FairLens is an open source Python library for automatically discovering bias and measuring fairness in data. The package can be used to quickly identify bias, and provides multiple metrics to measure fairness across a range of sensitive and legally protected characteristics such as age, race and sex.
It's very simple to quickly start understanding any biases that may be present in your data.
import pandas as pd
import fairlens as fl
# Load in the data
df = pd.read_csv("datasets/compas.csv")
# Automatically generate a report
fscorer = fl.FairnessScorer(
df,
target_attribute="RawScore",
sensitive_attributes=[
"Sex",
"Ethnicity",
"MaritalStatus"
]
)
fscorer.demographic_report()
Sensitive Attributes: ['Ethnicity', 'MaritalStatus', 'Sex']
Group Distance Proportion Counts P-Value
African-American, Single, Male 0.249 0.291011 5902 3.62e-251
African-American, Single 0.202 0.369163 7487 1.30e-196
Married 0.301 0.134313 2724 7.37e-193
African-American, Male 0.201 0.353138 7162 4.03e-188
Married, Male 0.281 0.108229 2195 9.69e-139
African-American 0.156 0.444899 9023 3.25e-133
Divorced 0.321 0.063754 1293 7.51e-112
Caucasian, Married 0.351 0.049504 1004 7.73e-106
Single, Male 0.121 0.582910 11822 3.30e-95
Caucasian, Divorced 0.341 0.037473 760 1.28e-76
Weighted Mean Statistical Distance: 0.14081832462333957
Check out the documentation to get started, or try out FairLens now in Google Colab!
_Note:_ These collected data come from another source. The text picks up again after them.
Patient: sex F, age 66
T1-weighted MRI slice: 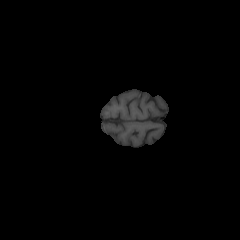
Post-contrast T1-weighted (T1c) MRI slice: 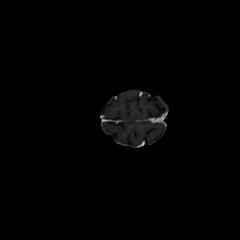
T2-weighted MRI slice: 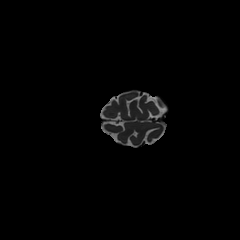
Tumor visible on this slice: no
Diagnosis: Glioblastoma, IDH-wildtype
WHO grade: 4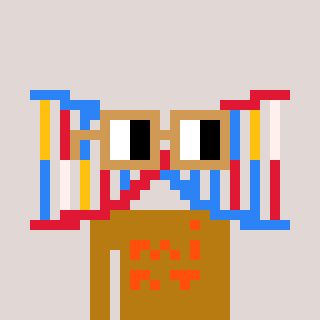
a pixel art character with square brown glasses, a dna-shaped head and a gold-colored body on a warm background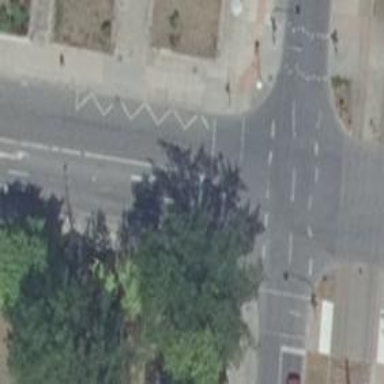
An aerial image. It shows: Road with traffic signals.

See some of our previous blog posts for our take on bias and fairness in ML:
- Legal consensus regarding biases and fairness in machine learning in Europe and the US
- Fairness and biases in machine learning and their impact on banking and insurance
- Fairness and algorithmic biases in machine learning and recommendations to enterprise
-
Bias Measurement - Metrics and tests to measure the extent and significance of bias in data using statistical distances and metrics. See the overview for more details.
-
Sensitive Attribute and Proxy Detection - Methods to identify legally protected features, and measure hidden correlations between these features and others.
-
Visualization Tools - Tools to visualize the distributions of different types of variables or columns in sensitive sub groups.
-
Fairness Assessment - A streamlined way of assessing the fairness of an arbitrary dataset, and generating reports highlighting biases and hidden correlations.
The goal of FairLens is to enable data scientists to gain a deeper understanding of their data, and helps to to ensure fair and ethical use of data in analysis and machine learning tasks. The insights gained from FairLens can be harnessed by the Bias Mitigation feature of the Synthesized platform, which is able to automagically remove bias using the power of synthetic data.
FairLens can be installed using pip
pip install fairlens
FairLens is under active development, and we appreciate community contributions. See CONTRIBUTING.md for how to get started.
The repository's current roadmap is maintained as a Github project here.
This project is licensed under the terms of the BSD 3 license.